(Supplied records Opens)
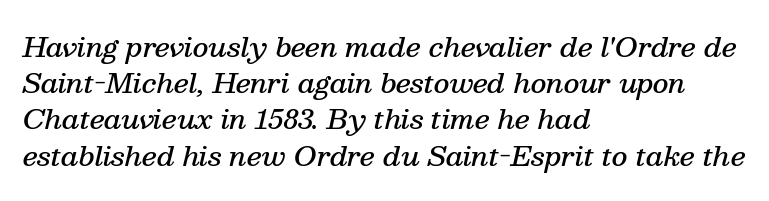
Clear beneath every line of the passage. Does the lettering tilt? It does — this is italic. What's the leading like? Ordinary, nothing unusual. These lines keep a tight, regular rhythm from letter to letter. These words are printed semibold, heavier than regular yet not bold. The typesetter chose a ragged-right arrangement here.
(Supplied records Closes)
(Supplied records Opens)
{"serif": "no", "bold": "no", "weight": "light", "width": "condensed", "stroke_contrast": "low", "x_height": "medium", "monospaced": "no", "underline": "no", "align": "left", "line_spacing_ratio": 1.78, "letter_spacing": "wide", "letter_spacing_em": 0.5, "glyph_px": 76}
(Supplied records Closes)
(Supplied records Opens)
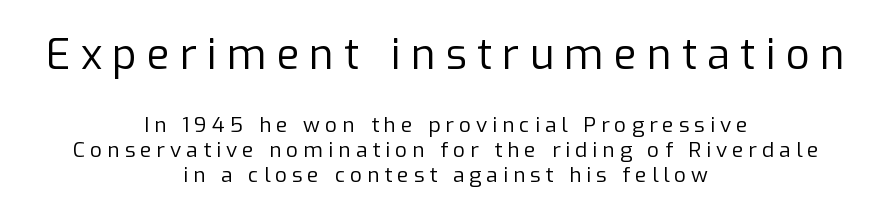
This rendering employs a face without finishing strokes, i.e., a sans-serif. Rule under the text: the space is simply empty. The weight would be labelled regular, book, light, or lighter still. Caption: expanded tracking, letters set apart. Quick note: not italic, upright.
(Supplied records Closes)
* **About this task**
Task for the records above: copy every line in which the word "bold" occurs.

* **Answer for the task**
Clear beneath every line of the passage. Does the lettering tilt? It does — this is italic. What's the leading like? Ordinary, nothing unusual. These lines keep a tight, regular rhythm from letter to letter. These words are printed semibold, heavier than regular yet not bold. The typesetter chose a ragged-right arrangement here.
{"serif": "no", "bold": "no", "weight": "light", "width": "condensed", "stroke_contrast": "low", "x_height": "medium", "monospaced": "no", "underline": "no", "align": "left", "line_spacing_ratio": 1.78, "letter_spacing": "wide", "letter_spacing_em": 0.5, "glyph_px": 76}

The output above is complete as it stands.